Records excerpted from a collection

= Beginning of Section =

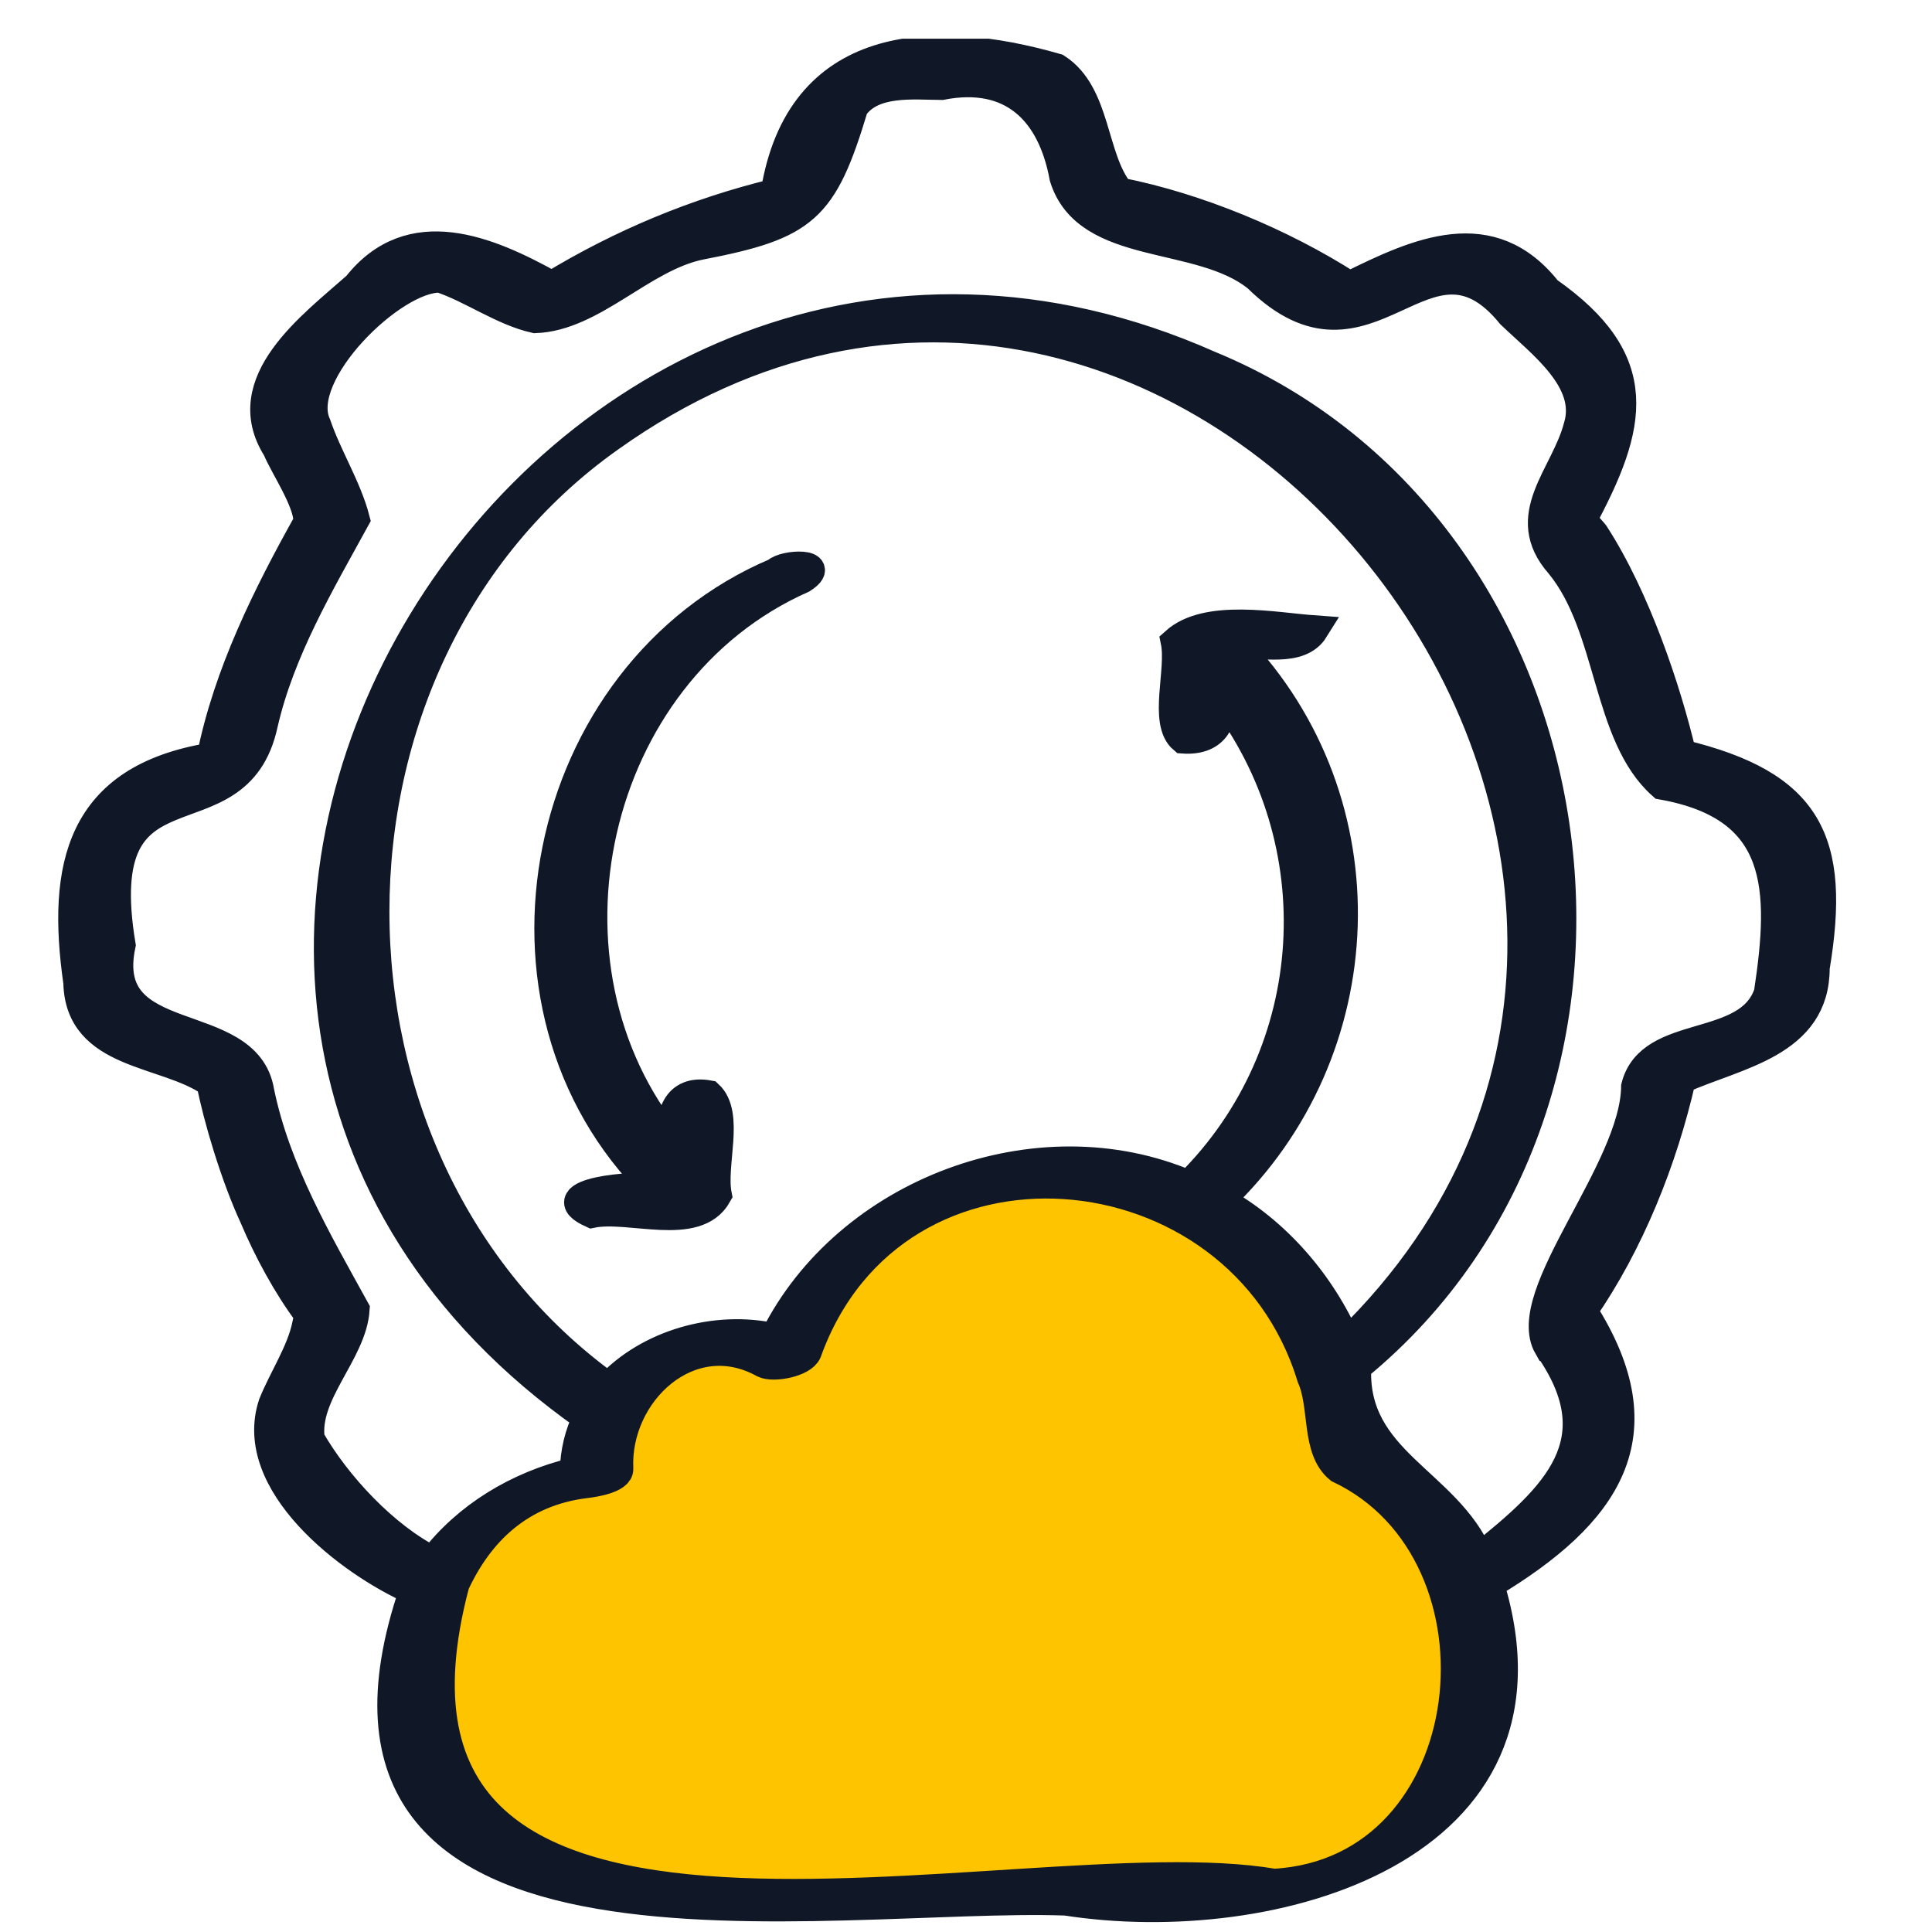 <svg width="41" height="41" viewBox="0 0 41 41" fill="none" xmlns="http://www.w3.org/2000/svg">
<g clip-path="url(#clip0_2715_17675)">
<path d="M9.581 33.321L9.081 35.821L9.581 37.821L11.581 39.821L19.581 40.321H24.581L28.081 39.821L30.581 38.321L31.581 34.821L29.581 31.321L28.081 28.321L25.581 25.321L20.581 24.821L16.581 28.321L14.081 28.821L12.581 31.321L11.081 31.821L9.581 33.321Z" fill="#FFC400"/>
<path d="M35.688 22.905C36.865 22.381 38.534 22.148 38.529 20.538C38.979 17.833 38.389 16.648 35.696 15.995C35.378 14.652 34.731 12.699 33.842 11.326C33.853 11.339 33.612 11.043 33.571 11.061C34.664 9.027 34.981 7.661 32.846 6.167C31.641 4.637 30.096 5.335 28.64 6.058C27.198 5.132 25.397 4.391 23.765 4.068C23.181 3.341 23.286 1.991 22.427 1.437C19.765 0.668 16.968 0.828 16.442 4.091C14.765 4.499 13.184 5.159 11.71 6.053C10.356 5.299 8.714 4.61 7.57 6.061C6.622 6.902 4.973 8.105 5.868 9.522C6.045 9.939 6.522 10.625 6.53 11.075C5.676 12.601 4.828 14.298 4.476 16.062C1.687 16.52 1.292 18.387 1.644 20.851C1.678 22.426 3.498 22.304 4.468 22.979C4.608 23.705 4.975 24.951 5.383 25.832C5.676 26.529 6.095 27.301 6.533 27.885C6.562 27.969 6.537 27.924 6.498 28.119C6.384 28.683 5.998 29.258 5.783 29.795C5.225 31.476 7.408 33.158 8.77 33.757C5.838 42.353 17.606 40.175 22.618 40.351C26.993 41.034 33.35 39.259 31.621 33.625C34.103 32.134 35.28 30.461 33.599 27.818C34.59 26.387 35.295 24.628 35.688 22.905ZM27.038 39.958C21.597 39.023 7.042 43.473 9.664 33.615C10.174 32.519 11.036 31.657 12.447 31.491C12.591 31.474 13.151 31.393 13.14 31.169C13.065 29.567 14.644 28.073 16.206 28.941C16.413 29.041 17.036 28.926 17.137 28.691C18.985 23.547 26.296 24.207 27.823 29.229C28.098 29.838 27.904 30.76 28.414 31.175C32.214 32.974 31.508 39.713 27.038 39.958ZM28.585 28.479C28.039 27.229 27.093 26.132 25.902 25.469C29.226 22.317 29.43 17.018 26.231 13.69C26.756 13.633 27.578 13.874 27.898 13.359C27.056 13.299 25.613 13.004 24.932 13.617C25.057 14.229 24.671 15.327 25.103 15.691C25.746 15.739 26.012 15.334 25.898 14.739C28.305 17.852 28.064 22.323 25.223 25.137C22.029 23.765 17.976 25.285 16.428 28.381C15.188 28.104 13.758 28.513 12.911 29.426C6.327 24.682 6.29 13.996 12.951 9.289C25.12 0.622 39.099 18.257 28.585 28.478L28.585 28.479ZM32.849 28.583C34.254 30.586 33.025 31.741 31.393 33.043C30.712 31.428 28.708 31.01 28.8 29.013C35.804 23.275 34.063 11.198 25.668 7.743C11.676 1.534 -0.478 21.011 12.453 30.085C12.283 30.426 12.188 30.811 12.18 31.232C10.97 31.523 9.899 32.181 9.184 33.115C8.163 32.605 7.143 31.503 6.592 30.539C6.462 29.579 7.486 28.706 7.544 27.785C6.748 26.34 5.86 24.828 5.52 23.163C5.241 21.457 2.099 22.312 2.578 20.055C1.884 15.867 5.03 17.999 5.598 15.363C5.954 13.806 6.802 12.379 7.548 11.017C7.371 10.337 6.956 9.689 6.724 9.007C6.236 7.947 8.348 5.877 9.344 5.911C10.01 6.133 10.668 6.617 11.357 6.77C12.583 6.727 13.623 5.471 14.856 5.215C17.091 4.785 17.471 4.451 18.126 2.277C18.526 1.711 19.392 1.819 19.983 1.821C21.476 1.53 22.315 2.369 22.571 3.764C23.067 5.367 25.461 4.903 26.681 5.898C29.066 8.243 30.254 4.463 32.059 6.677C32.706 7.299 33.778 8.081 33.48 9.053C33.207 10.1 32.183 10.945 33.094 11.979C34.197 13.317 34.068 15.605 35.27 16.67C37.836 17.126 37.856 18.857 37.52 21.071C37.101 22.333 35.023 21.787 34.703 23.058C34.681 24.84 32.209 27.479 32.847 28.583L32.849 28.583Z" fill="#101828" stroke="#101828" stroke-width="0.6"/>
<path d="M16.466 12.137C11.413 14.281 9.952 21.339 13.892 25.215C13.51 25.121 11.543 25.301 12.559 25.759C13.36 25.595 14.776 26.169 15.23 25.358C15.103 24.716 15.503 23.651 15.044 23.226C14.337 23.096 14.176 23.694 14.264 24.265C11.158 20.509 12.536 14.281 17.029 12.289C17.596 11.925 16.645 11.954 16.466 12.136V12.137Z" fill="#101828" stroke="#101828" stroke-width="0.6"/>
</g>
<defs>
<clipPath id="clip0_2715_17675">
<rect width="40" height="40" fill="white" transform="translate(0.081 0.821)"/>
</clipPath>
</defs>
</svg>

= End of Section =

§ **ASSIGNMENT**
Only the lines from the first line of the entries through the line containing "33.321L9.081 35.821L9.581 37.821L11.581" should be output, exactly as they are, without pictures.

§ **TASK SOLUTION**
 <svg width="41" height="41" viewBox="0 0 41 41" fill="none" xmlns="http://www.w3.org/2000/svg">
<g clip-path="url(#clip0_2715_17675)">
<path d="M9.581 33.321L9.081 35.821L9.581 37.821L11.581 39.821L19.581 40.321H24.581L28.081 39.821L30.581 38.321L31.581 34.821L29.581 31.321L28.081 28.321L25.581 25.321L20.581 24.821L16.581 28.321L14.081 28.821L12.581 31.321L11.081 31.821L9.581 33.321Z" fill="#FFC400"/>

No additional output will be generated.